Remix.run Logo
lateforwork 3 hours ago

> where all values are subclasses of a single superclass

I don't understand this. By values do you mean a row (in database terms)? I don't understand what that has to do with rigid typing.

Lack of rigid typing has two issues, in my opinion: First, when two or more applications have to read data from a single database, lack of an agreed-upon-and-enforced schema is a limitation. Second, when you use generic tools to process data, the tools have no idea what type of data to expect in a column, if they can't rely on the table schema.

subhobroto 2 hours ago | parent [-]

First off, I am so glad the famous "HN conjure" actually worked! My "if Dr. Hipp was reading this thread" was tongue in cheek because on HN it was extremely likely that's precisely what would happen. Thank you for chiming in, Dr. Hipp - this is why I love HN!

So, in case you missed it, you're responding to Dr. Hipp himself :)

> I don't understand what that has to do with rigid typing.

Now I would like to learn a bit from Dr. Hipp himself, so here's my take on it:

Scripting languages (like my fav, Python) have duck or dynamic typing (a variation of what I believe Dr. Hipp, you specifically call manifest typing). Dr. Hipp's take is that the datatype of a value is associated with the value itself, not with the container that holds it (the "column"). (I must say I chose the word "container" here to jive with Dr. Hipp's manifest. Curious whether he chose that word for typing for the same reason! )

- In Python, everything is fundamentally a `PyObject`.

- In SQLite, every piece of data is (or was?) stored internally as a `sqlite3_value` struct.

As a result, a stack that uses Python and SQLite is extremely dynamic and if implemented correctly, is agnostic of a strict type - it doesn't actually care. The only time it blows up is if the consumer has a bug and fails to account for it.

Hence, because this possibility exists, and that no objective research has proven strict typing improves reliability in scripting environments, it's entirely possible our love for strict types is just mental gymnastics that could also have been addressed, equally well, without strict typing.

I can reattempt the "HN conjure" on Wes McKinney and see if this was a similar reason he had to compromise on dynamic typing (NumPy enforces static typing) to Pandas 1.x df because, as both of them are likely to say, real datasets of significant size rarely have all "valid" data. This allows Pandas to handle invalid and missing fields precisely because of this design (even if it affects performance)

A good dynamic design should work with both ("valid" and "invalid") present. For example: layer additional "views" on top of the "real life" database that enforce your business rules while you still get to keep all the real world, messy data.

OTOH, if you dont like that design but must absolutely need strict types, use Rust/C++/PostgreSQL/Arrow, etc. They are built from the ground up on strict types.

With this in mind, if you still want to delve into the "Lack of rigid typing has two issues" portion, I am very happy to engage (and hope Dr. Hipp addresses it so I learn and improve!)

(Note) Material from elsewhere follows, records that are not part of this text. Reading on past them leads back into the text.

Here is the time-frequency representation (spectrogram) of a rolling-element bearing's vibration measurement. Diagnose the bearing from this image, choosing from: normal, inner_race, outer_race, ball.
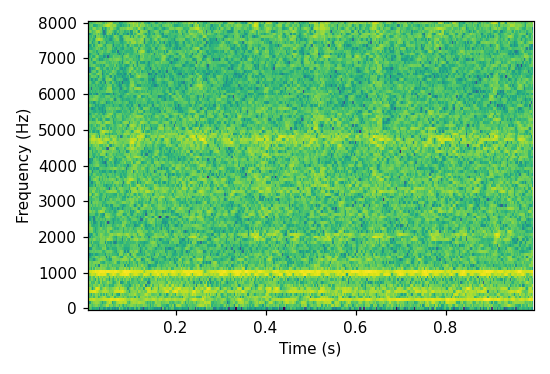
Answer: normal
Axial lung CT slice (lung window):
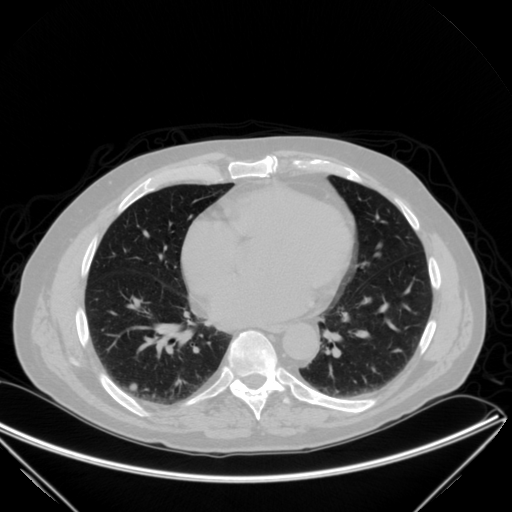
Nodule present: yes
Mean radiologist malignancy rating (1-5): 3.5
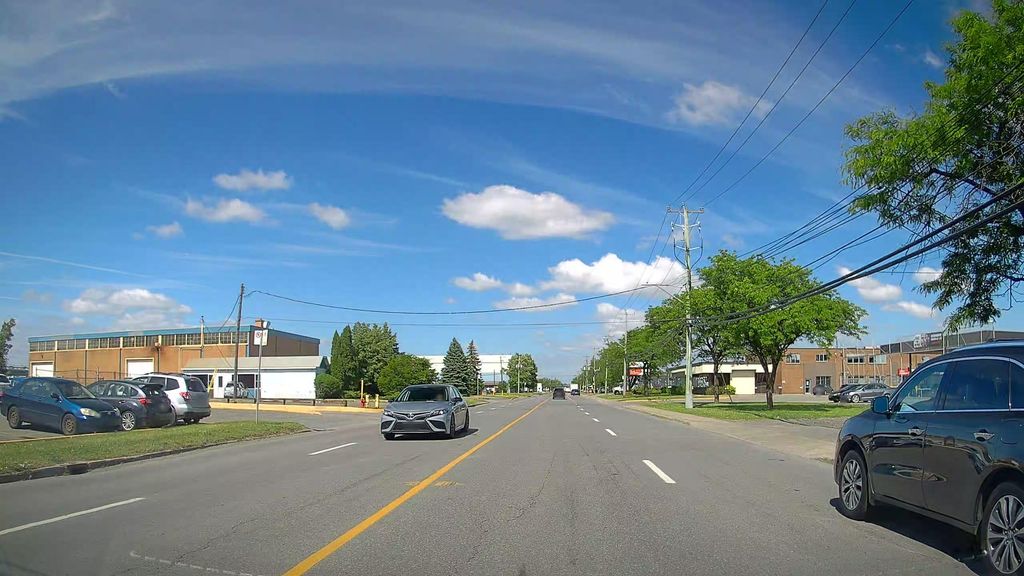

The real world is noisy, has surprises in store for us and as much as engineers like us would like to say we understand it, we don't! So instead of being so cocksure about things, we should instead be humble, acknowledge our ignorance and build resilient, well engineered software.

Again, Dr. Hipp, Thank you for chiming in and I would be much obliged to learn more from you.

lateforwork an hour ago | parent [-]

Thank you for the great explanation. But SQL isn't as dynamically typed as you suggest. If a column is defined as DECIMAL(8, 2), it would be surprising for some values in that column to be strings. RDBMSs are expected to provide data integrity guarantees, and one of those guarantees is that only values matching the declared column type can be stored.

Relaxing that guarantee has benefits. For example, it can make application evolution easier--being able to store strings in a column originally intended for numbers is convenient. But that convenience can become a liability when multiple applications read from and write to the same database. In those cases, you want applications to adhere to a shared schema contract, and the RDBMS is typically expected to enforce that contract.

It also creates problems for generic tools such as reporting systems, which rely on stable data types--for example, to determine whether a column can be aggregated or how it should be formatted for display.